The impact of memory safety on sandboxing
Sandboxing and memory safety are generally considered two orthogonal, and therefore complementary, approaches to improving security. Memory safety reduces the likelihood of a vulnerability being introduced, and sandboxing reduces the impact if a vulnerability is exploited. However, I think this over-simplifies what sandboxing looks like in sophisticated multi-process architectures like web browsers and leads us to miss the potential implications of ubiquitous memory safety on sandboxing.
Sandboxing generally has two similar, yet distinct, purposes. The first is to reduce the semantic privileges a process has, and the second is to reduce the attack surface accessible to a process. These are abstract, so let’s consider some examples:
- If we take away a process’s ability to read files from the file system this reduces its semantic privileges.
- If we take away a process’s ability to make the
futex
syscall this reduces the kernel’s attack surface that’s accessible to it.
These seem similar, in that they reduce the post-sandboxed-code-execution vectors for an attacker, but they’re not! The former is enforcing the threat-model of our process: if websites aren’t supposed to be able to access the file system, then this makes that true even in the face of a code execution vulnerability. The latter, however, is to protect against the possibility that the kernel might have a vulnerability in its implementation of futex
.
In practice, to implement either of these sandboxing policies in an existing project, you start by figuring out if anything in your process relies on the ability to do these, and if so, you find ways to make it stop (often by moving that code into a different process, and using IPC to ask that process to do the operation). But what if we were exceptionally confident that there were no vulnerabilities in futex
? Then the hassle of auditing our process for futex
usage, and wiring up the IPC for it, would be a lot of effort for every little gain.
Let’s take a bigger example: imagine an API (a syscall or IPC to a privileged process) that lets the caller play an MP3, provided as bytes, through the system’s speakers.

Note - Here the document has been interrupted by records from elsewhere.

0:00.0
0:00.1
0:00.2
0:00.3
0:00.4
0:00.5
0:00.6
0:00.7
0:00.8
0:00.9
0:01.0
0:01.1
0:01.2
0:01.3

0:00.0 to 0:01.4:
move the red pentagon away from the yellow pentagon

Websites are allowed to play sounds, but only sometimes – individual tabs can be muted, as can origins. If we deny access to the play MP3 API to our browser’s renderer processes and instead require them to make IPC requests of the browser parent process to play audio (which would then enforce tab and origin mutes) then we have a semantic privilege reduction. The mute rules are now enforced, even in the face of a compromised renderer. However, in practice the risk that someone would exploit a renderer process just to Rick-roll the user seems remote, the far greater risk is that the play-MP3 API has a vulnerability that can be triggered by the MP3’s bytes, and gives an attacker arbitrary code execution in an even higher privileged context (the kernel or a system daemon).
Which returns us again to the question of: If the likelihood of a vulnerability in the audio playing API was incredibly low, what would we do differently? I think the answer is that we’d just grant the renderer process access to it, rather than building our own APIs to route audio playing through the browser parent process. This is because our real motivation in restricting access to the play-MP3 API was attack-surface reduction, not preventing processes from playing audio. By allowing the play-MP3 API, we’d be sacrificing the semantic security, but in exchange we’d be saving ourselves a lot of time, effort, and complexity in our own IPC, likely a good trade-off.

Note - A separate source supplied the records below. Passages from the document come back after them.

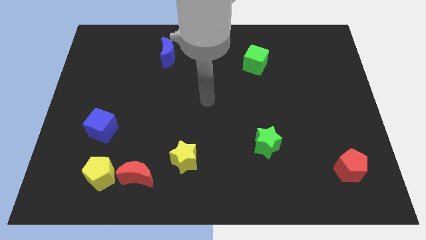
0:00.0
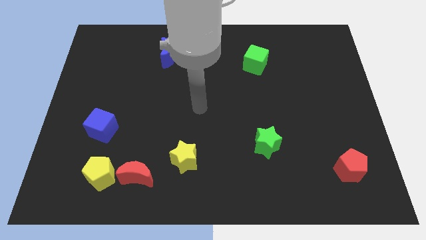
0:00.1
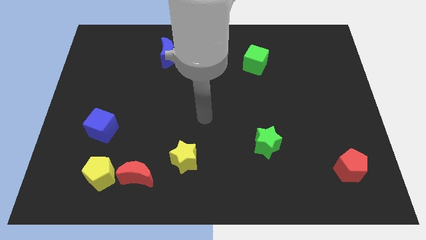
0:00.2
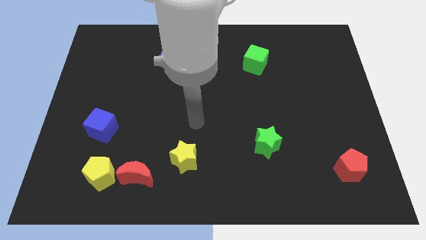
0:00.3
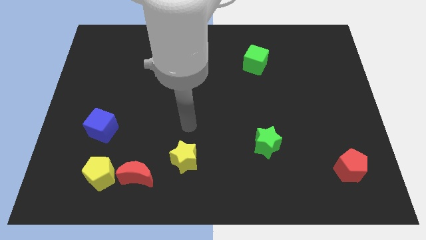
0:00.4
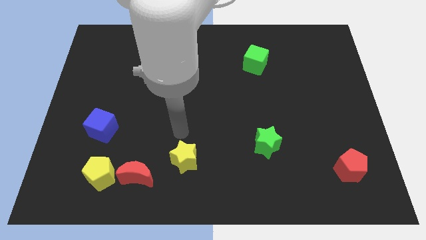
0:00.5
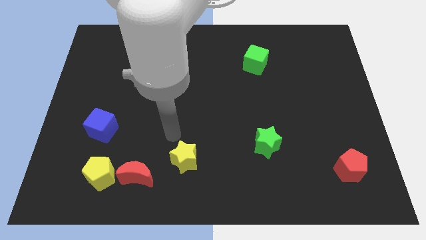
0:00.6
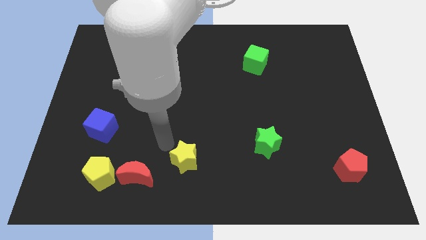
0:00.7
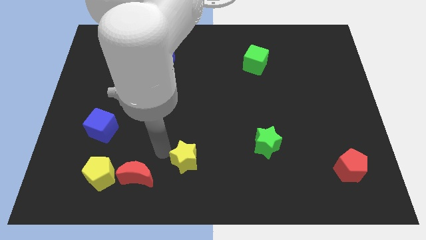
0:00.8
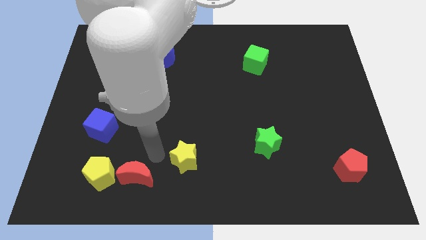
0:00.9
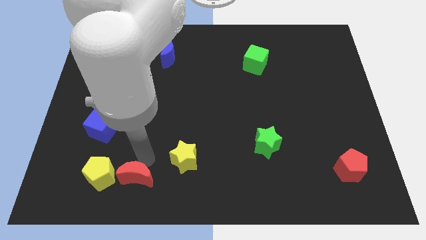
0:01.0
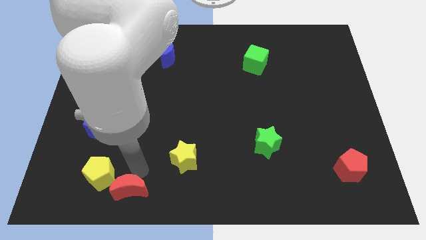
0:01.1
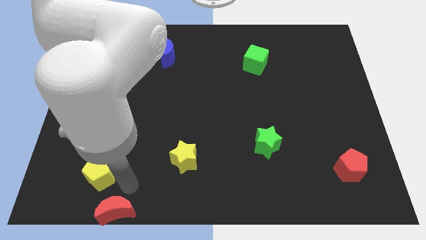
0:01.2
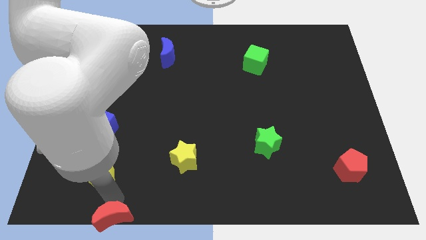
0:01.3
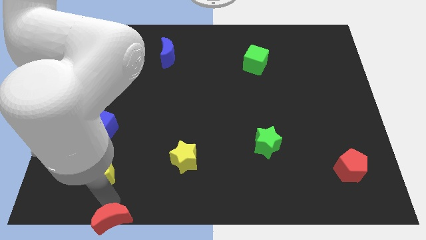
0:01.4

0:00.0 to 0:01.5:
separate the yellow pentagon from the red moon

So what would it take to give ourselves the confidence that these APIs were exceedingly unlikely to have vulnerabilities? First, we’d need them to be implemented in memory safe languages. The data is exceptionally clear that the majority of kernel and OS daemon vulnerabilities are due to memory unsafety. But, on average, memory unsafety is “only” 70% of vulnerabilities, so just using a memory safe programming language means we still have 30% of the vulnerabilities. That’s too much risk to change our sandboxing strategy. One might argue that by freeing up a security team’s time to look for only that 30%, they’d be more productive in finding vulnerabilities before they ship, but this is speculative (it seems plausible though). What if there was a way to identify attack surfaces where it was likely that closer to 100% of vulnerabilities would be memory unsafety? For example, if an API never accepts or returns a file path, is it less likely to have logic vulnerabilities? How much less? I don’t have an answer to this question, so it’s my call to action: As we begin to move towards a world with more memory safety, how can we analyze the design of attack surfaces to know if they’re the sort that lend themselves to the possibility of high confidence that they don’t have vulnerabilities?

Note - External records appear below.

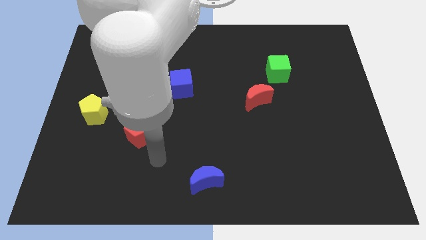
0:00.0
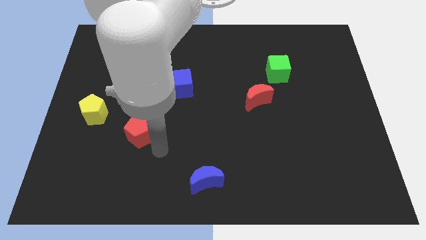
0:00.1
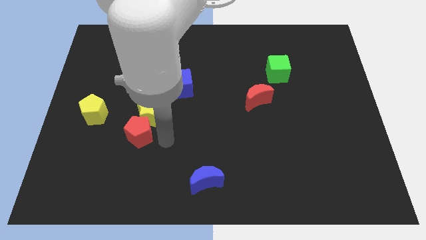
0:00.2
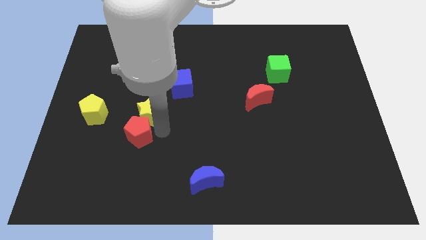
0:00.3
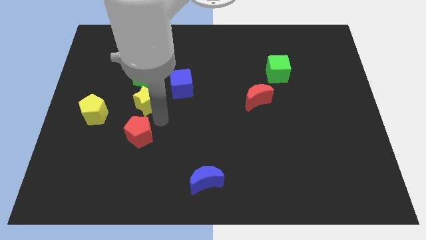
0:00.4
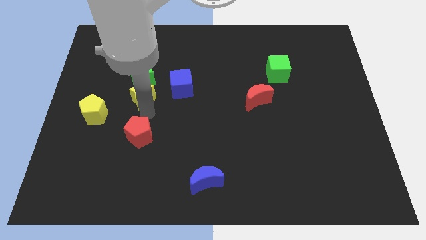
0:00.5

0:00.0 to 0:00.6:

It’s worth stating explicitly: at the margin, reducing attack surface is always good for security. However, security teams have many demands on their time and many potential projects to work on. The question we always need to answer is: does this project provide more security gains than something else I could do. Reducing attack surface by cutting off vulnerability-prone APIs (like win32k
) is a very high return-on-investment project, reducing attack surface by cutting off an API which you already have very high confidence has no vulnerabilities is not. This is compounded by the fact that many attack surface reduction efforts introduce complexity, because they replace calls to system APIs with cross-process IPC operations.
As long as our kernels, system daemons, and other privileged attack surfaces are written in memory unsafe languages, there will be a strong reason to pursue aggressive attack-surface reduction from our sandboxes. However, in a world where our attack surfaces are built on the foundations of memory safety, we may be able to reconsider our assumptions about what attack surface reductions are good time-investments for security and engineering teams. This should not, however, mean we abandon attack surface reduction, but rather take the opportunity to further analyze the types of surfaces and APIs that are most likely to present risks. Right now, every API presents risks due to memory unsafety, but in the future, I hope we’ll be able to identify more specific risk factors, and thus invest our time more wisely.